Na op een naburig vliegveld te zijn overgestapt in de Air Force One, trekken Richard en zijn vrouw Pat zich ieder terug in hun eigen verblijf. Beiden zijn terneergeslagen. Als de grote Boeing ruim een uur later boven de staat Missouri vliegt, komt er een eind aan Nixons presidentschap. Het is vrijdag 9 augustus 1974, 12 uur.

Precies twee dagen eerder buigen Nixon en Henry Kissinger, zijn minister van Buitenlandse Zaken, in de Oval Office hun knieën. De tranen rollen over hun wangen. Kissinger is net opgestaan na een gesprek over Nixons besluit om af te treden als de president hem vraagt: „Blijf alsjeblieft bij me en laat ons samen bidden tot God.” Kissinger is een seculiere Jood en heeft weinig met het geloof in God. Maar hij gehoorzaamt zijn chef en knielt naast de president. Beiden bidden in stilte om kracht voor de moeilijke momenten die aanstaande zijn.

Donderdagavond 8 augustus maakt Nixon in een televisietoespraak aan het Amerikaanse volk zijn aftreden bekend.
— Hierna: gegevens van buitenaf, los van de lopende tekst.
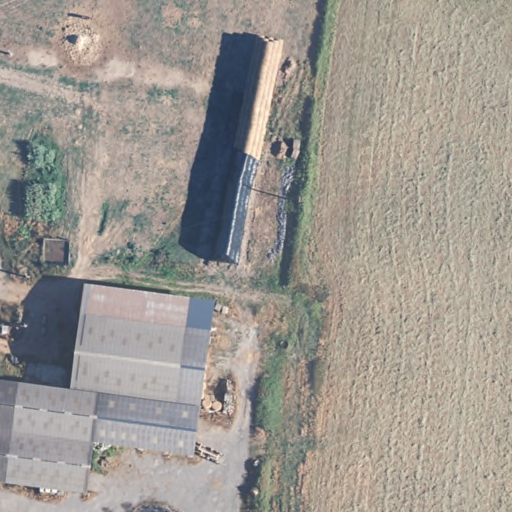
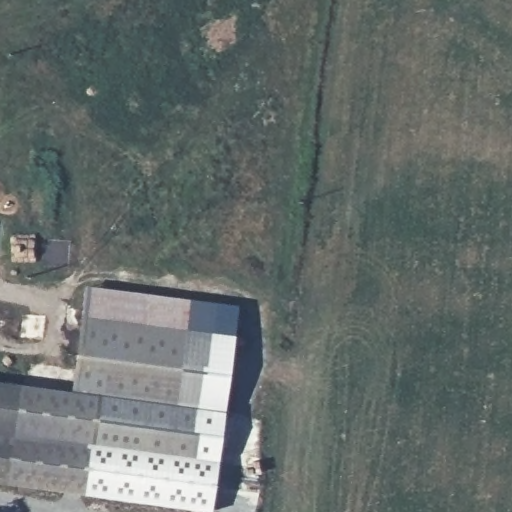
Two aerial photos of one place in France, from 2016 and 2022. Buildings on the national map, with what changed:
unchanged [(67,394),(73,354),(83,290),(187,305),(178,366),(171,409),(95,398),(82,495),(0,483),(0,383),(67,394)]
new [(95,398),(171,409),(178,366),(187,305),(189,299),(238,305),(234,335),(211,512),(82,495),(95,398)]

Dat is volgens hem „in het belang van het volk”. Cynisch voegen verschillende commentatoren eraan toe: „Maar vooral in het belang van hemzelf.”
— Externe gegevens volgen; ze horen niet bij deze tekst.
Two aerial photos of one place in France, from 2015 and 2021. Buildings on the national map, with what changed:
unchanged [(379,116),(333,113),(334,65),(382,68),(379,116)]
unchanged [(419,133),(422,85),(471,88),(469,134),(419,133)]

Met zijn aftreden voorkomt Nixon dat hij wordt afgezet als president. Afgezet, omdat hij eigenbelang heeft laten winnen van het landsbelang en daarbij het gebruik van duistere praktijken niet heeft geschuwd.

Adresboekje

Feitelijk begint het drama dat Nixon dwingt tot aftreden twee jaar eerder. Op 17 juni 1972 arresteert de politie vijf inbrekers in het kantoor van de Democratische Partij. Dat is gevestigd in het imposante Watergatecomplex aan de Virginia Avenue in Washington D.C. Het vijftal wordt in de boeien geslagen nadat een oplettende nachtwaker tijdens een inspectieronde heeft geconstateerd dat er plakband op de sloten van deuren is geplakt. Vervelend voor de vijf inbrekers is ook dat een handlanger die op de uitkijk staat om te waarschuwen als er gevaar voor hen dreigt, niet goed oplet. In plaats van waakzaam te zijn, kijkt hij naar een film en mist dus de komst van de politie.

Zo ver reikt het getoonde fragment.